Siempre le gustó ver el denso humo de un canuto saliendo de su boca y su nariz. Le encantaba cómo olía la nicotina, cómo se destensaba cada nervio de su cuerpo al exhalar.
Le encantaba dejar de sentirse a si mismo para sentir todo lo demás, lo que era capaz de inventar su mente totalmente fuera de control.
Le gustaba ella. Olía a perfume y vicio desmedido. El vicio de él por ella, de todo su mundo, de las noches en las que la cocaína les elevaba la temperatura, y dilataba sus pupilas y hacia sin embargo que se sintiesen más de lo que se veían.
Pero le gustaba su vida y sus vicios llegaban demasiado lejos. Ella, iba demasiado lejos.
Sabía a ron con cola y hachís. Pero no le gustó su sabor, se había mezclado con el que deja un último beso.

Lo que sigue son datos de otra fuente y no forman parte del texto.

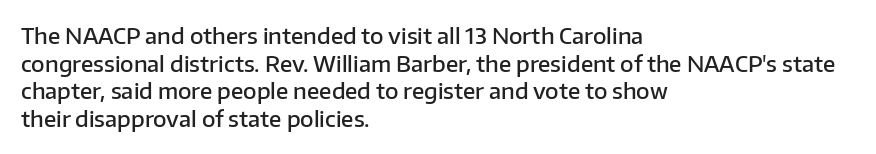
Q: Is the text bold? A: Semi-bold.
Q: Is the text italic (slanted)? A: No, it is upright.
Q: Is the text underlined? A: No.
Q: How is the paragraph aligned? A: Left-aligned.
Q: Is the spacing between letters normal or unusually wide? A: Normal.
Q: Is the spacing between lines tight, normal or loose? A: Normal.

Un “Si me quieres no lo hagas, déjalo antes de que sea tarde, pequeña.” terminó de fundirse con un “No te pongas ñoño ahora, si no te gusta lo que hago, no mires” de un tono demasiado poco amable, que le invitó a desparecer de verdad de todo ese mundo, más inmoral y disoluto que el del viejo Londres de los 80. Un mundo más lleno de luz artificial, pero tan oscuro como el Londinense.
Y así salió dando un portazo, que retumbó en la cabeza de su chica. Así es como salió de aquella casa, símbolo de sus vicios y el libertinaje en el que su vida de había convertido.
Sabían que sus caminos se habían separado, a uno y otro lado de la puerta. Pero no sabían que esa sería, para los dos, la última vez que se dejaban llevar por los efectos de la droga.